9. Is Bear exploiting Turing in 'Tangents'?


10. Is homosexuality a suitable topic for a short story featuring a young adult? Why would some people object to it? Why would others think that it was okay?


11. Why does Peter tell Lauren to 'Tell them it was all my fault'?


12. Pal says that it is fun in the fourth dimension. What would be fun about it?

VIII  IDEAS FOR REPORTS AND PAPERS


1. How have people tried to visualize tesseracts? How do mathematicians draw them? What are their reasons for drawing them as they do?


2. Who was Alan Turing? What parts of Turing's life appear in 'Tangents'?


3. What were England's laws regarding homosexuality in Turing's day? How was Turing supposed to be cured of his homosexuality?


4. What about California in the 1950s would have made it more hospitable to Tuthy than England?


5. What aspects of Flatland are reflected in 'Tangents'? How are their purposes similar? How are their purposes different?


6. Why were Korean adoptees common in California in the early 1950s? How have those adoptees fared in America?


7. Write your own story about how tesseracts might interact with people.


8. Write a story that explains a mathematical theorem by showing how it works rather than by telling. How will you capture and maintain the interest of your audience?


9. Bear says that science fiction appeals to young writers because short stories flourish in science fiction. Why would science fiction be especially hospitable to short stories? Why would young writers gravitate toward a genre in which short stories have a large audience?


10. Of what value are mathematical speculations like those about tesseracts? Do they have any applications to real life? Do they need to?


11. Had Peter been declared an illegal alien, what would have happened to him?

IX  RELATED TITLES


Bear's work, whether written for adult or young adult readers, often appeals as strongly to the audience it was not directed at. Dinosaur Summer (1998) is aimed at young adults, but can be read by adults with equal pleasure. C. S. Lewis asserted that if one could read and enjoy a story when young and then as an adult read it again with enjoyment, then the story was likely one of substantial merit. Applying this criterion of worth and dual appeal to Bear's fiction, one finds several other crossover works such as 'Tangents' and 'Blood Music' (1983), a story which has been widely imitated.

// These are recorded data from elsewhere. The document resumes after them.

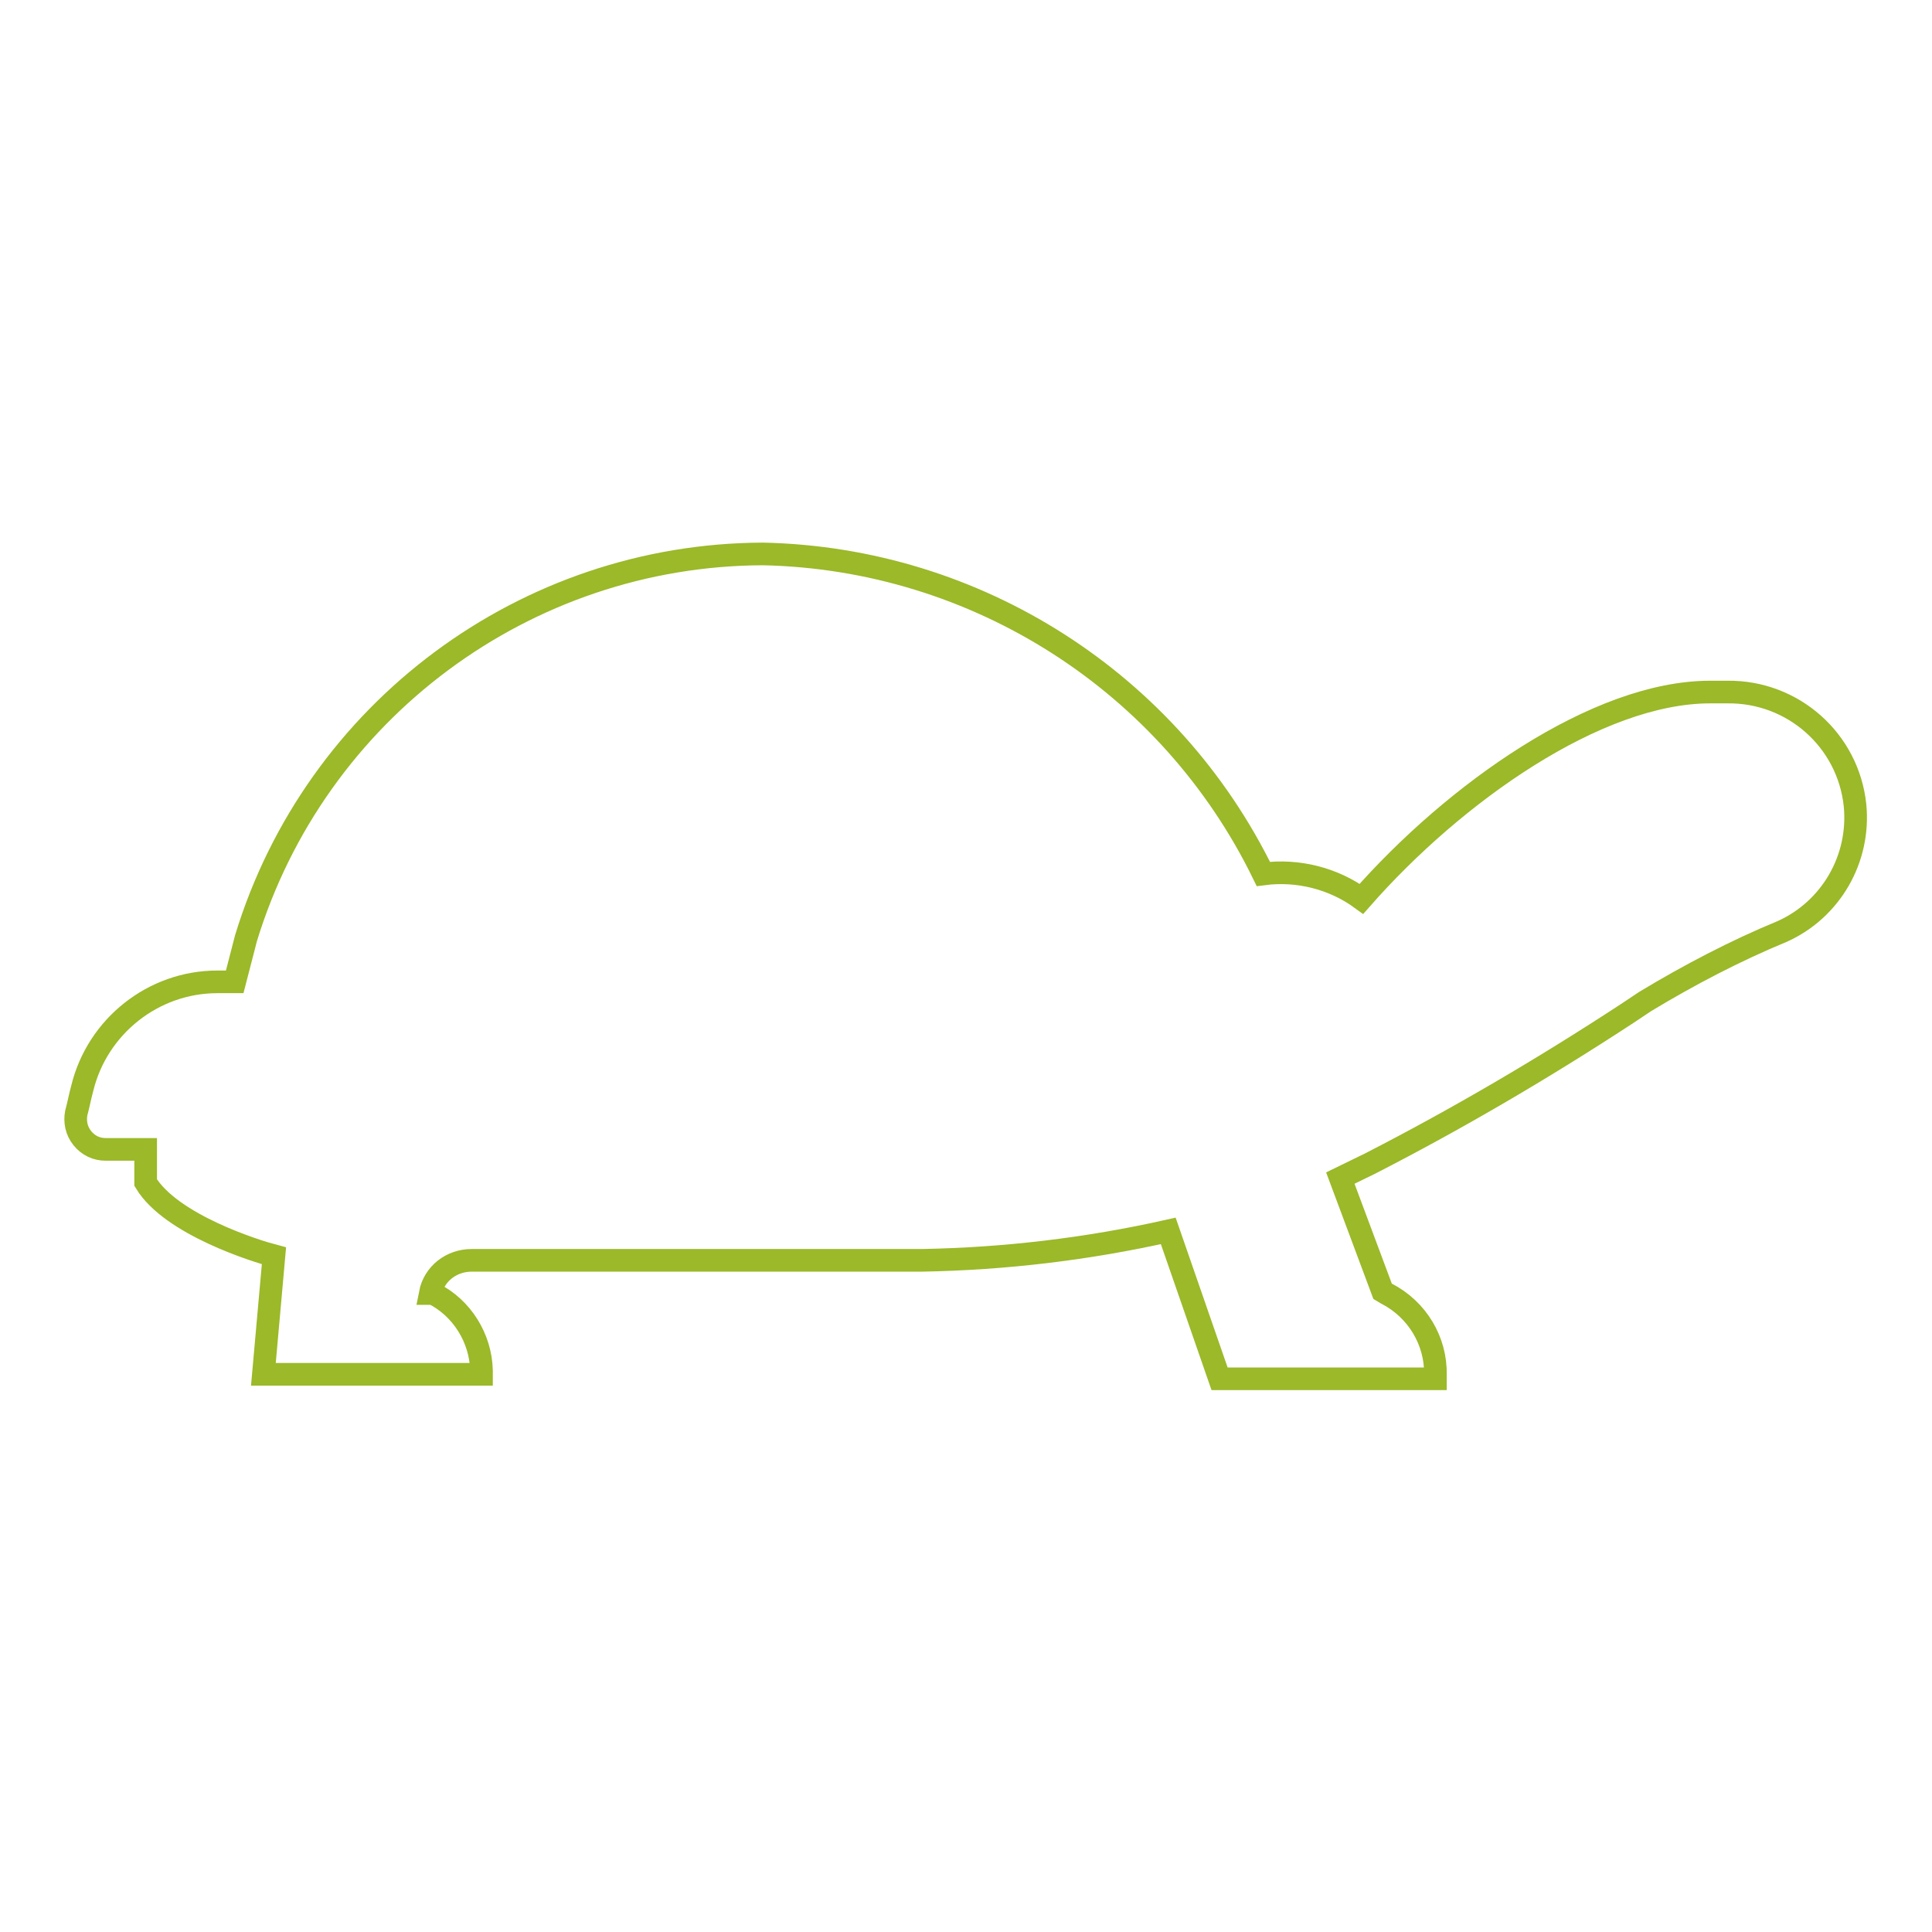 <?xml version="1.0" encoding="utf-8"?>
<!-- Svg Vector Icons : http://www.onlinewebfonts.com/icon -->
<!DOCTYPE svg PUBLIC "-//W3C//DTD SVG 1.1//EN" "http://www.w3.org/Graphics/SVG/1.1/DTD/svg11.dtd">
<svg version="1.1" xmlns="http://www.w3.org/2000/svg" xmlns:xlink="http://www.w3.org/1999/xlink" x="0px" y="0px" viewBox="0 0 256 256" enable-background="new 0 0 256 256" xml:space="preserve">
<g> <path stroke-width="3" fill-opacity="0" stroke="#9bb929"  d="M228.9,91.7h-2.3c-15,0-33.9,13.4-46.2,27.4c-3.7-2.7-8.4-3.9-13-3.3C155,90.4,129.4,74,101.1,73.4 c-31.5,0.1-59.3,20.8-68.5,50.9l-1.5,5.8h-2.3c-8.5,0-15.9,5.9-17.9,14.1c-0.3,1.1-0.5,2.2-0.8,3.3c-0.2,1.1,0,2.3,0.8,3.3 c0.8,1,1.9,1.5,3.1,1.5h5.3v4.4c3.4,5.6,14.7,9.1,17,9.7l-1.4,15.7h28.9v-0.5c-0.1-4.3-2.6-8.3-6.4-10.2H57 c0.5-2.6,2.8-4.4,5.5-4.4h59.7c11-0.2,21.9-1.5,32.6-3.9l6.8,19.6h28.6v-0.5c0.1-4.5-2.4-8.7-6.5-10.8l-0.5-0.3l-5.6-15l3.9-1.9 c11.7-6,23.1-12.7,34.1-19.9l2.4-1.6c5.8-3.5,11.9-6.7,18.2-9.3c6.4-2.9,10.3-9.6,9.6-16.7C244.9,98.1,237.6,91.6,228.9,91.7 L228.9,91.7z"/></g>
</svg>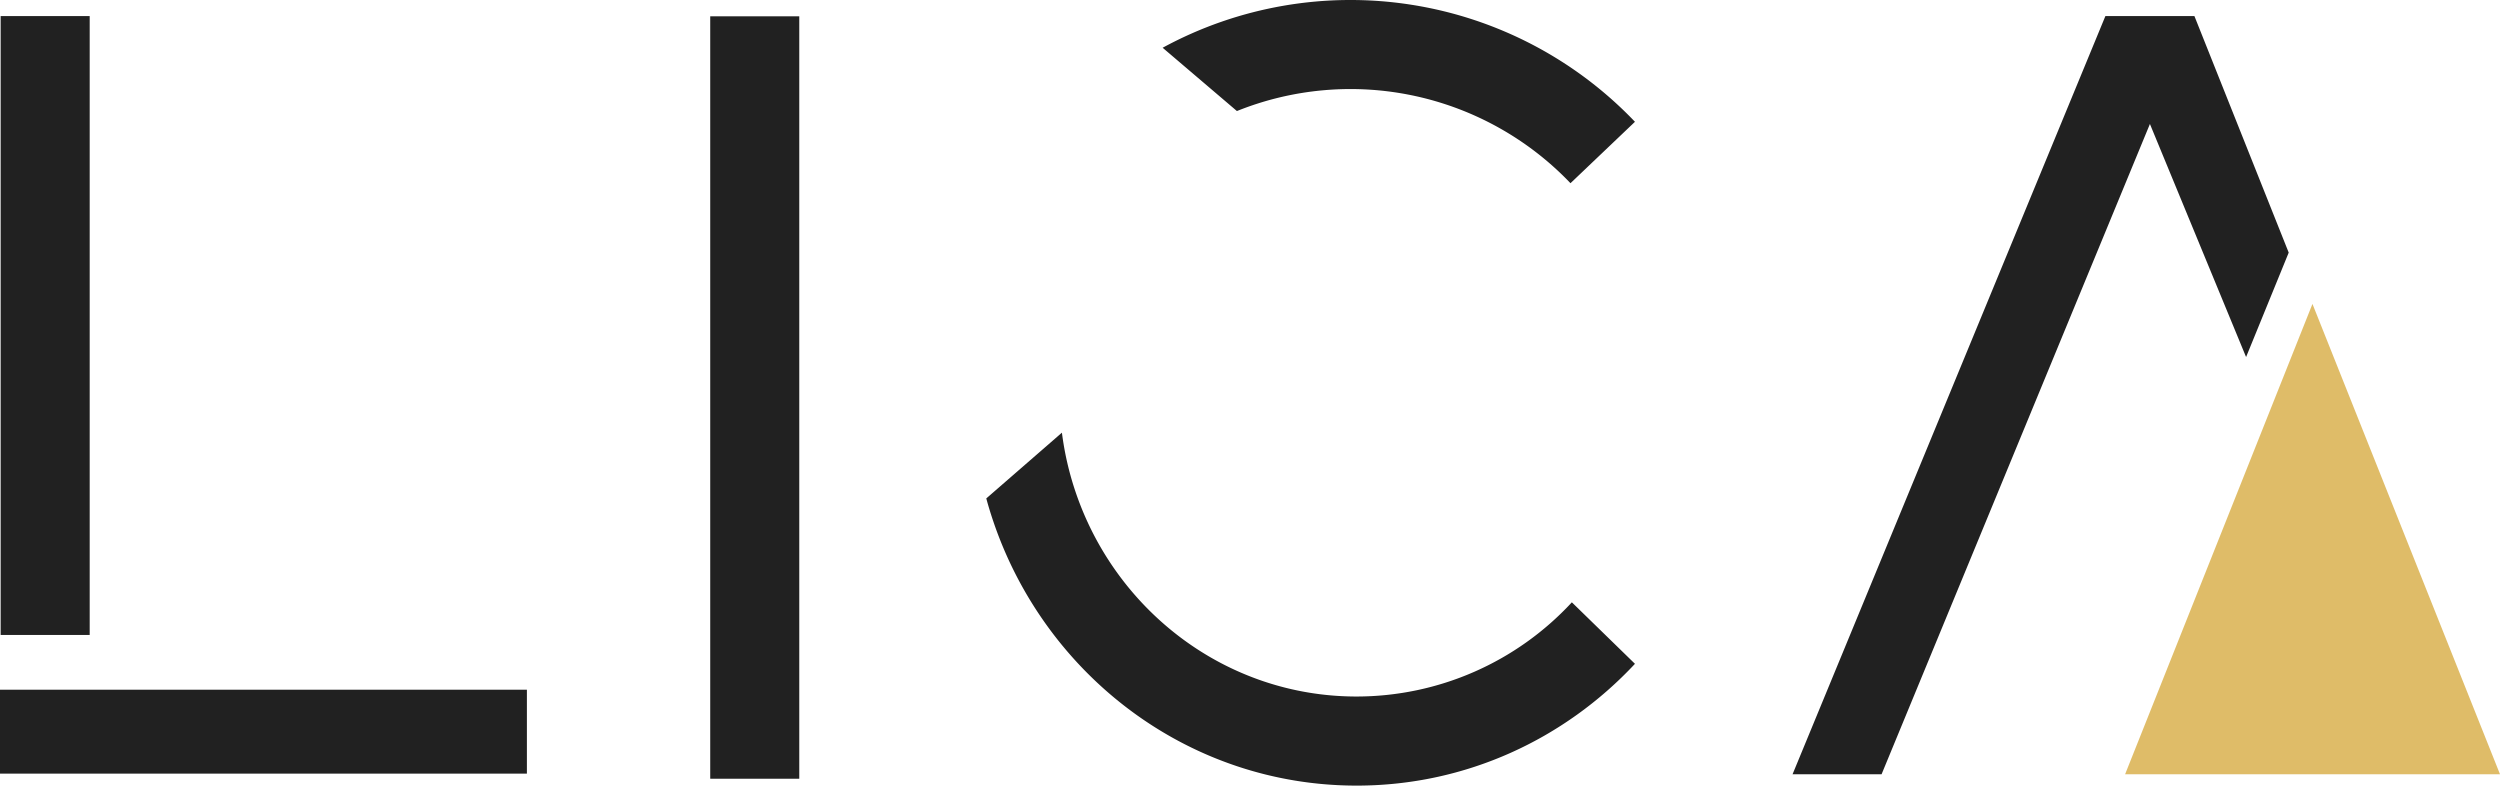 <svg xmlns="http://www.w3.org/2000/svg" viewBox="0 0 1200 377.09"><defs><style>.cls-1{fill:#dfbc68;}.cls-2{fill:#212121;}</style></defs><g id="Livello_2" data-name="Livello 2"><g id="Livello_1-2" data-name="Livello 1"><polygon class="cls-1" points="1200 371.64 1109.98 145.88 1020.05 371.64 1200 371.64"/><rect class="cls-2" x="0.31" y="7.72" width="42.74" height="297.06"/><rect class="cls-2" x="340.91" y="7.83" width="42.74" height="365.96"/><polygon class="cls-2" points="1098.58 121.25 1053.32 7.72 1010.59 7.72 860.43 371.64 903.16 371.64 1031.96 59.51 1078.12 171.38 1098.58 121.25"/><rect class="cls-2" y="331.06" width="252.91" height="40.28"/><path class="cls-2" d="M784.78,318.63c-33.63,36-81,58.46-133.59,58.46-80.75,0-149.41-53-174.41-126.85-1.22-3.59-2.35-7.25-3.36-11l36.3-31.56a146.08,146.08,0,0,0,6.58,28.54c19.36,57.09,72.44,98.11,134.89,98.11a140.88,140.88,0,0,0,103.3-45.22Z"/><path class="cls-2" d="M784.78,58.46,753.83,87.94A146,146,0,0,0,593.72,53.3L558.07,22.92A188.74,188.74,0,0,1,784.78,58.46Z"/></g></g></svg>

'Tangents' is also written in the tradition of mathematical adventures. The characters in the story speculate on how two-dimensional beings might view the third dimension. This may show the influence of the novel Flatland by E. A. Abbott (1884), in which two-dimensional characters try to understand the third dimension. Flatland is a didactic work intended to teach readers mathematical speculations about a fourth dimension by showing two-dimensional characters trying to conceive of three dimensions. Bear takes a somewhat different tack, showing what may happen when four-dimensional beings interact with the third dimension, and implying that music has mathematical qualities that may enable it to transcend dimensions.


Readers of 'Tangents' who wish to know more about Alan Turing or who are fascinated by the theme of an intelligent individual destroyed by conflicts with his own nature and a society hostile to his emotional needs might well enjoy Hugh Whitemore's poignant biographical play Breaking the Code, a drama of the tragic life of Alan Turing. This play, produced in 1987 with great success in Britain and the United States, starred Derek Jacobi, the great English actor who became famous in the late 1970s for his portrayal of the stuttering Roman Emperor Claudius in the British TV series I Claudius. A filmed version of Breaking the Code with Jacobi, shown on Public Television's Masterpiece Theater, should be available on tape. Jacobi brilliantly portrays Turing's childlike gentleness, striking mathematical gifts, cryptographical brilliance during World War II, and tormented personal life. The title Breaking the Code is itself a coded reference to both breaking the enemy code during wartime and breaking the social code of moral orthodoxy that no true English gentleman would violate by stooping to homosexuality. Turing broke this code and was abandoned and abused in the most shameful way by a country that owed him a great debt of gratitude.